Spotswood's titles to his land were clouded and he appealed to the King for a clarification. In doing so, he recounted his history in Virginia which was very involved with the Germans who were the labor in several of his enterprises, especially the Second Germanna Colony. The First Germanna Colony was also involved but there were fewer people for fewer years and they were less active on his behalf (Spotswood wrote once that the First Germanna Colony people did nothing for him for the first two years they were here). As Spotswood narrates his history, it is possible, especially in light of other evidence, to see our Germanna people involved and to imagine the labors in which they were involved.

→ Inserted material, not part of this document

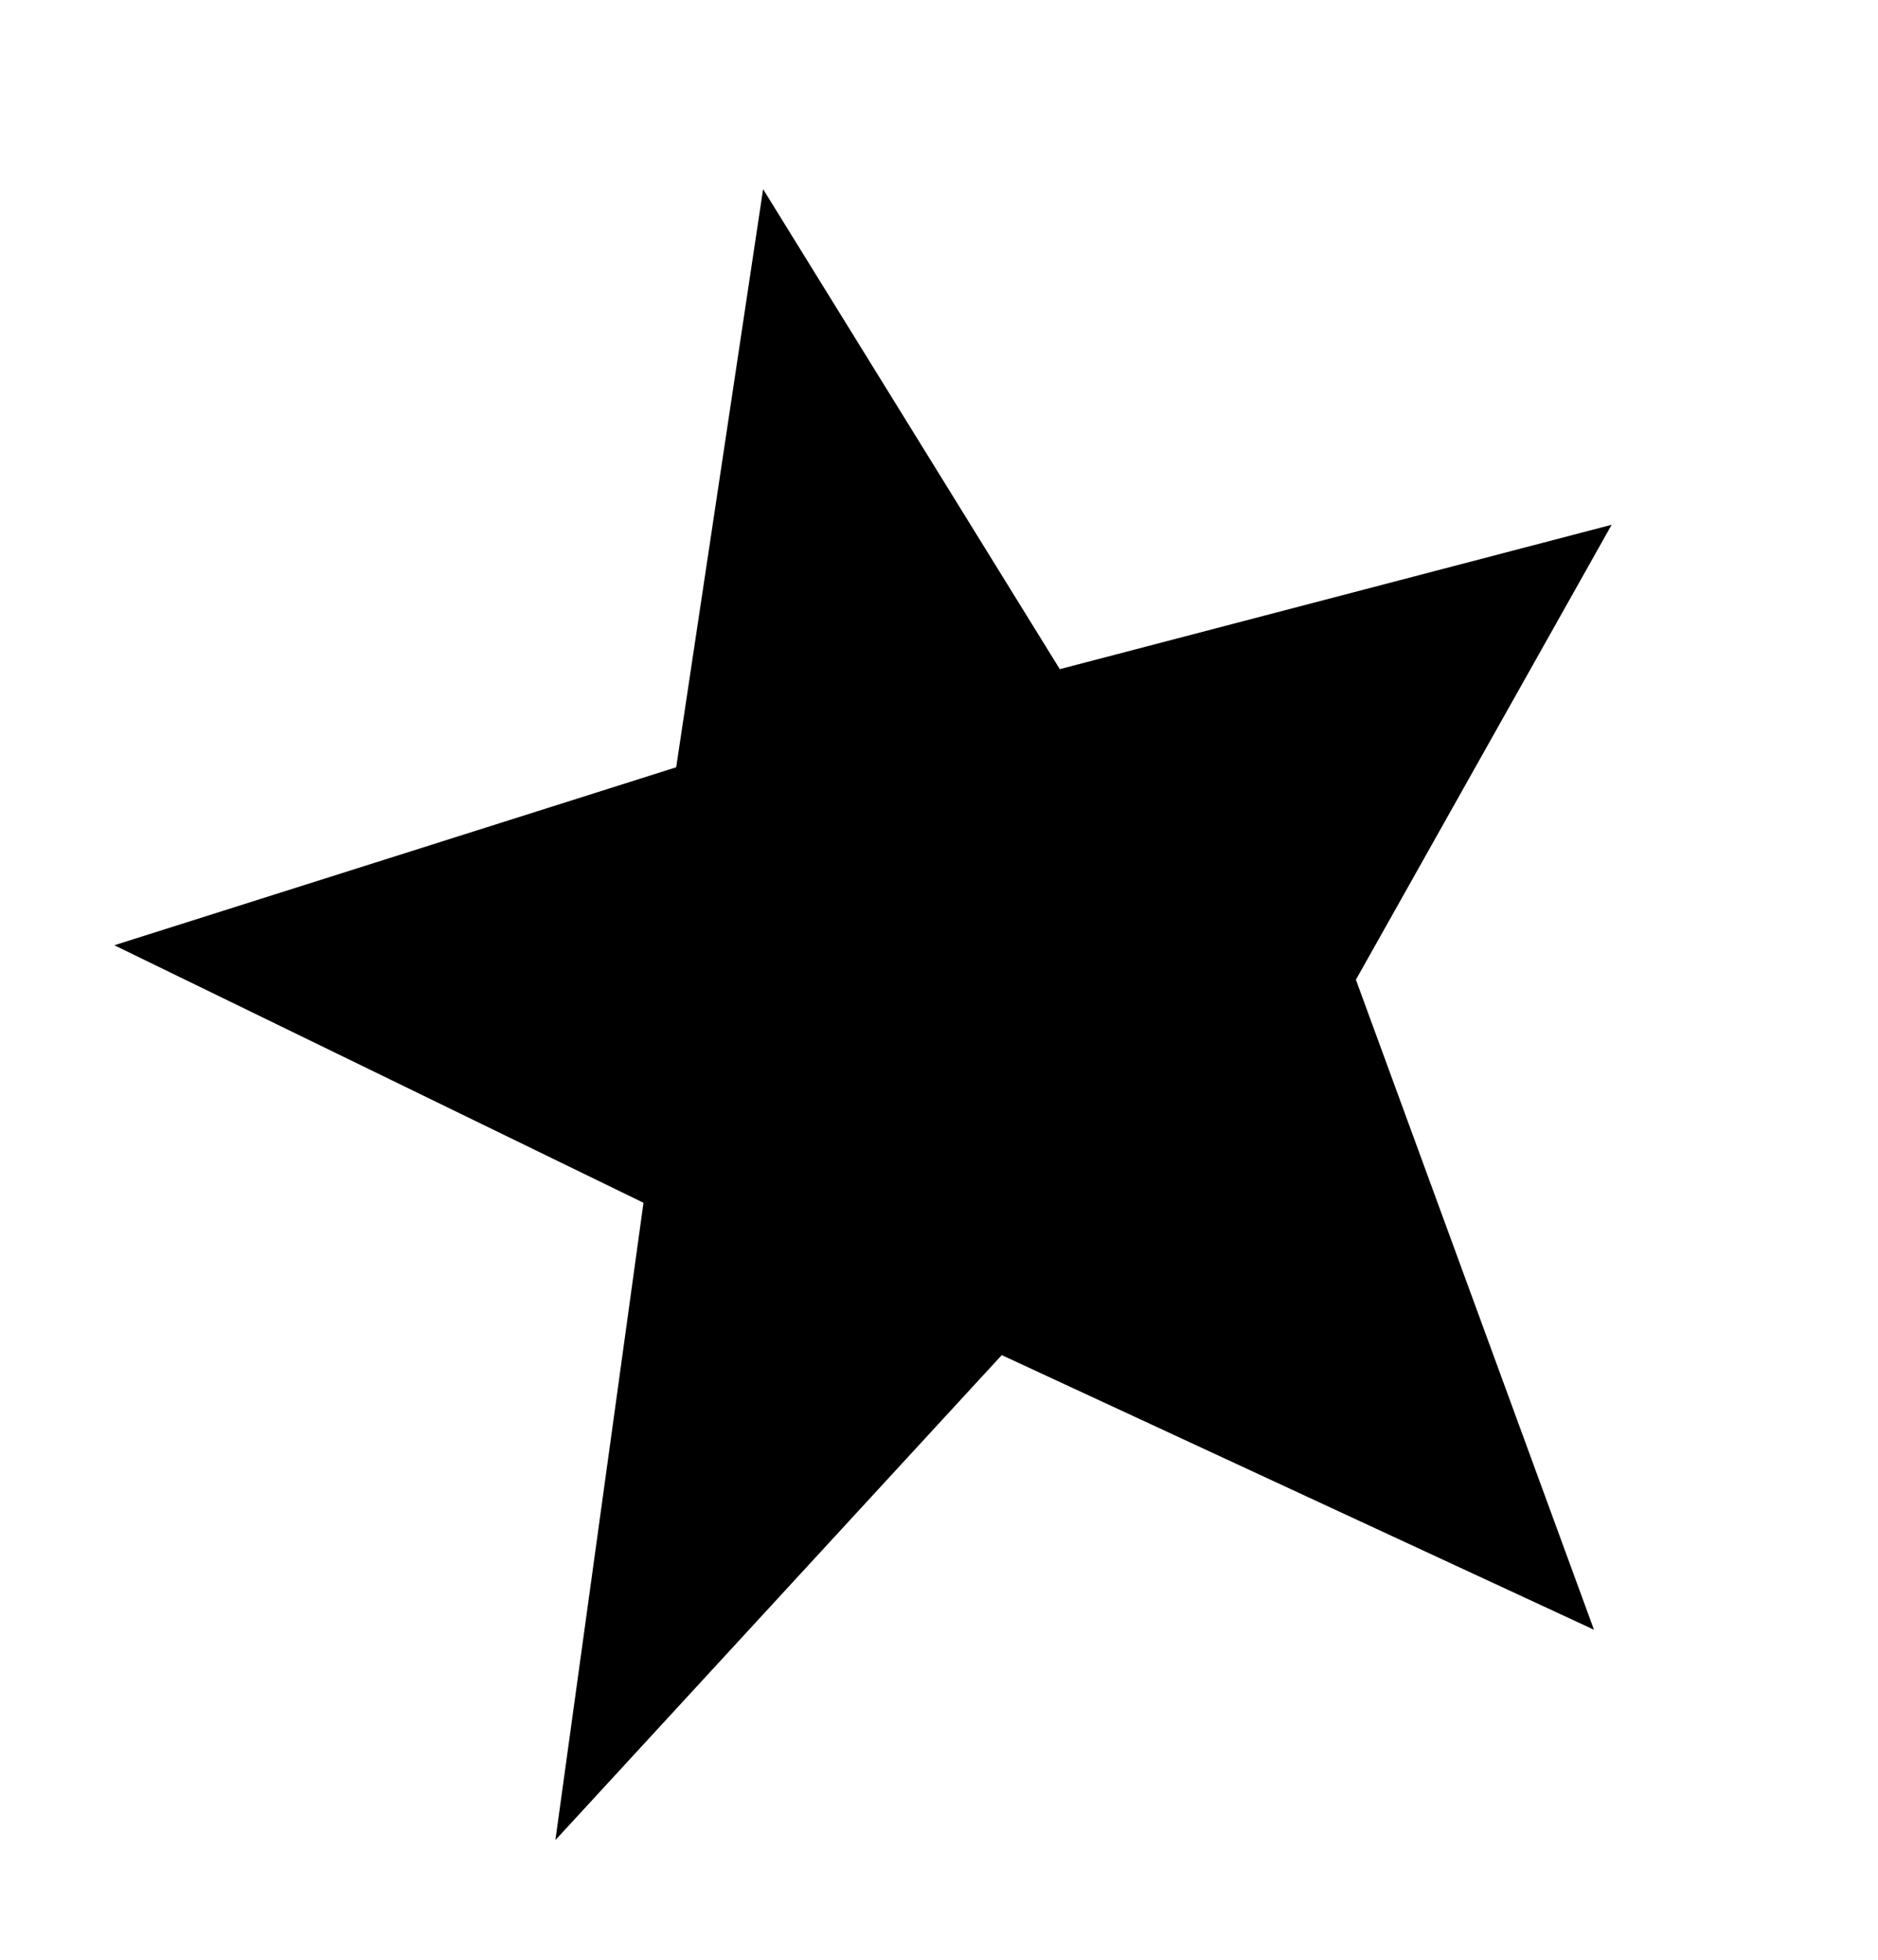 <?xml version="1.0" encoding="UTF-8"?><svg id="_レイヤー_3" xmlns="http://www.w3.org/2000/svg" viewBox="0 0 63.74 66.51"><polygon points="25.9 6.42 35.97 22.71 54.7 17.81 46.02 33.25 54.1 55.31 34 45.99 18.85 62.45 21.84 40.82 3.88 32.08 22.95 26.04 25.9 6.42"/></svg>

In understanding this personal, first-person story, it is necessary to understand what Spotswood's objective was after he had been in Virginia for ten years. His iron furnace was still in the future. Furthermore, it was not clear that iron would be a success, either technically or politically. So in 1720 he was banking on making his fortune in land, not in iron. This is why, when he started construction of his Germanna home about 1720, that he located it at Germanna and not closer to where his iron mines were. When the furnace was built, it was thirteen miles from his home. At Germanna though, the center of mass of his land holdings was several miles to the west of Germanna. Thus he chose to build, not on the basis of his iron mines but on the basis of his land holdings. These holdings were extensive, most people say they amounted to about 85,000 acres.
However, the largest single tract to the west of Germanna was said to hold (in the patent itself) 40,000 acres. I have plotted this tract and found it was significantly larger than the 40,000 acres claimed. Sixty to sixty-five thousand acres is a much closer estimate. Starting almost at Germanna, the land ran to the west of the present-day town of Culpeper. Thus his land holdings were, in total, more than 100,000 acres.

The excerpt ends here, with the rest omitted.